Friday, July 08, 2005

nuit sans liliana

Des chasseurs sont revenus dans la soirée et ont garé leurs véhicules cabossés devant la maison de l’un d’entre eux. Laurine a vu le sang sur les poignées des portières et ce sang l’empêche de dormir. Elle sait que dans l’estuaire de la Loire, beaucoup de chasseurs sont fiers de ne jamais se séparer de leur fusil et de braver les lois protégeant les espèces en voie de disparition.

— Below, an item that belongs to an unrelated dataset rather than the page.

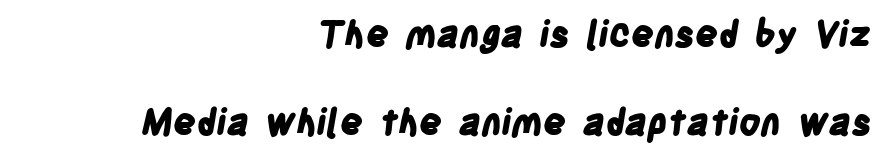
{"serif": "no", "bold": "yes", "weight": "bold", "width": "condensed", "stroke_contrast": "low", "x_height": "large", "monospaced": "no", "underline": "no", "align": "right", "line_spacing": "loose", "line_spacing_ratio": 2.45, "letter_spacing": "normal", "letter_spacing_em": 0.0, "glyph_px": 36}
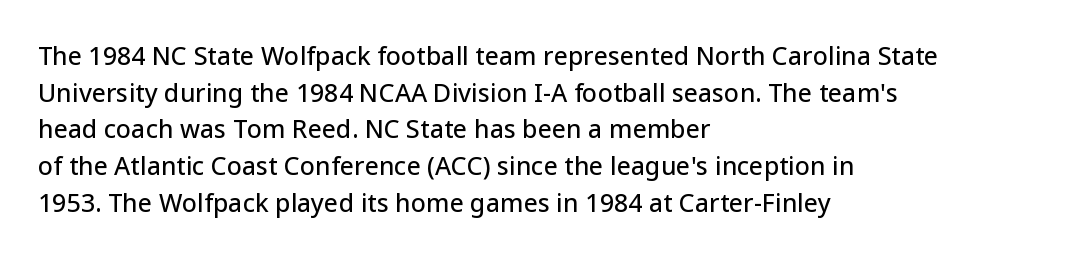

Pourquoi Liliana n’est-elle pas rentrée ?

Ils parlent en tordant la bouche et sont si gros. L’un d’entre eux a eu quelque peine à descendre de sa voiture et d’autres l’ont aidé. Tous riaient bruyamment.

Liliana !

Des gouttes de sang tombaient une à une régulièrement du coffre de la plus grosse des voitures où attendaient deux chiens énormes.

Liliana !!

Le silence de la maison est tel que Laurine pourrait retrouver dans l’obscurité tous les réveils, toutes les montres, pendules et horloges de la cave au grenier rien qu’au bruit. Au loin, la corne d’un navire qui remonte la Loire. C’est marée haute. Puis ce sont les piaulements réguliers des petits affamés d’un couple de moyens-ducs qui nichent non loin dans un bouquet de chênes. Laurine pense à Antoine. Comment le prévenir ?

Dans la rue de Grissac à Saint-Jean de Boiseau, le téléphone est toujours coupé. Laurine ignore le nouveau numéro du portable de son papa. Le pont de Cheviré est interdit aux piétons et aux cyclistes et de toute façon il est trop loin.

Un autre coup de corne lui parvient de la Loire. Laurine voit les bateaux des pêcheurs de civelle et les canots amarrés près du bac. Mais oui, bien sûr, c’est la solution. Elle s’habille rapidement, sort de la maison en courant, et cherche une embarcation, une petite, avec des rames. La marée montante va l’emporter à l’extérieur du méandre, contre les appontements sud, ceux contre lesquels le bac effectue ses stations tous les quarts d’heure, au grand jour.

A dix ans, Laurine n’a pas assez de force pour tirer sur la rame, elle pagaie, elle guide le bateau porté par le courant. Elle distingue les grands arbres qui se rapprochent, éclairés par une lune laiteuse et blafarde. De la rive qu’elle vient de quitter, des aboiements sonores et des claquements de portières lui parviennent.

Papa, Liliana, j’arrive !

Au milieu du fleuve, des reflets pulvérisés dansent dans les remous noirs. Le vent apporte des stridences étouffées de la ville, bruits de trains, roulements de camions, sonneries lointaines. En aval, dans le méandre suivant, la haute silhouette de la tour à plomb de Couëron se détache sur une tapisserie de haute lice trempée d’encre de chine, aussi trouée d’étincelles que la cible de carton qu’un militaire vient de cribler dans un stand de tir.

La fillette saute de la barque, la traîne dans la vase, et ses bottines font des bruits de succion.